A self-confessed fan of Guru Dutt’s movies, she feels that her 85-minute documentary, In Search of Guru Dutt, is her best work. Through this documentary, she has captured some wonderful minds of Indian cinema that are no more, including Majrooh Sultanpuri, Kaifi Azmi, Johnny Walker and Raj Khosla.  Her excitement about this project has doubled since Shemaroo in India will release In Search of Guru Dutt in June 2011.

Asked if the current lot of Bollywood movies has the substance to make it big in the Oscars, she says, “The day an Indian film reflects the cultural, social and political reality in an original and powerful way, we will score in the West. Don’t forget, Satyajit Ray’s movies made a huge impact on Western film critics and audiences precisely because he was so rooted in Bengali culture yet told stories in a universal way. That mix is what moves world cinema audiences.” 
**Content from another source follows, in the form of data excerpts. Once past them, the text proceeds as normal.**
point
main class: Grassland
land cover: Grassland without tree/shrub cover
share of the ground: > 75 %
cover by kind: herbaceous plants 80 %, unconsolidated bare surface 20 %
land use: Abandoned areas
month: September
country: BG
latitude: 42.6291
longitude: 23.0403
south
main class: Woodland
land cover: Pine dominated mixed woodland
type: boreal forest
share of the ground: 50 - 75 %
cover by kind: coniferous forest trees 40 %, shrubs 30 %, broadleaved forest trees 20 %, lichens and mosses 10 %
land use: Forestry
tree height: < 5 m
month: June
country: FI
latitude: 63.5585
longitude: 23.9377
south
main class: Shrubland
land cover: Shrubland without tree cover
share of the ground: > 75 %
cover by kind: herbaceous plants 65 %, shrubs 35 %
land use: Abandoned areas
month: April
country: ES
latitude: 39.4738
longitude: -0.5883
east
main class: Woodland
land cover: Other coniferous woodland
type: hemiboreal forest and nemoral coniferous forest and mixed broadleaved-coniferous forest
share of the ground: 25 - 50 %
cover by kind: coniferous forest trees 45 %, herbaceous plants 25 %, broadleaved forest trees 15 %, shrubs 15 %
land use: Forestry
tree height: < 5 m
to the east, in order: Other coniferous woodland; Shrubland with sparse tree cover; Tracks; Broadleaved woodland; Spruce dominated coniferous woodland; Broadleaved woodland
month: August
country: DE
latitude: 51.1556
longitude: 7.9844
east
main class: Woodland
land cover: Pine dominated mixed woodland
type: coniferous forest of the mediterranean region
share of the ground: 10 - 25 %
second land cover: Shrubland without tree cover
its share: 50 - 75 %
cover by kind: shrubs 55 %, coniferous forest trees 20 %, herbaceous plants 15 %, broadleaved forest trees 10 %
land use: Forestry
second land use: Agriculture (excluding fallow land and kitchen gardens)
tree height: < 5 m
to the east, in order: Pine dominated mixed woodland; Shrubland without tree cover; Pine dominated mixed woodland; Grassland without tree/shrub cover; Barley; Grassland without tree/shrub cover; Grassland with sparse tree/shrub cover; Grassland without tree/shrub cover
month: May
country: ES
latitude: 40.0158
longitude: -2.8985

So how has the response in the West to Bollywood documentaries changed? Kabir says there were fewer “white” viewers when her first TV series Movie Mahal was shown on Channel 4. The buzz was felt mainly by the NRIs in the UK. But her last documentary, The Inner and Outer World of Shah Rukh Khan, which is now five years old, had a far wider reach and impact. For her extended work promoting Indian cinema in the UK, Kabir has won the first Women of Achievement Award in Arts & Culture in 1999.

Not the one to sit idle, Kabir has already embarked on her next book, The Dialogue of Devdas, Bimal Roy’s Immortal Classic. This work will also be published in a four-language format, with forewords by Bimal Roy’s family and include an extensive commentary on this fine film.

With increasing access to Bollywood stars through Twitter and Facebook, documentaries and books may not seem to be important. But the author insists: “Books will always provide more information and deeper insight into an artist’s thinking because there is a lot more research and time behind such work. Also, books become resource material that should, we hope, last longer than a tweet!” Agreed, as this statement comes from someone whom Shyam Benegal considers a scholar on period cinemas, especially 1950s and early 1960s.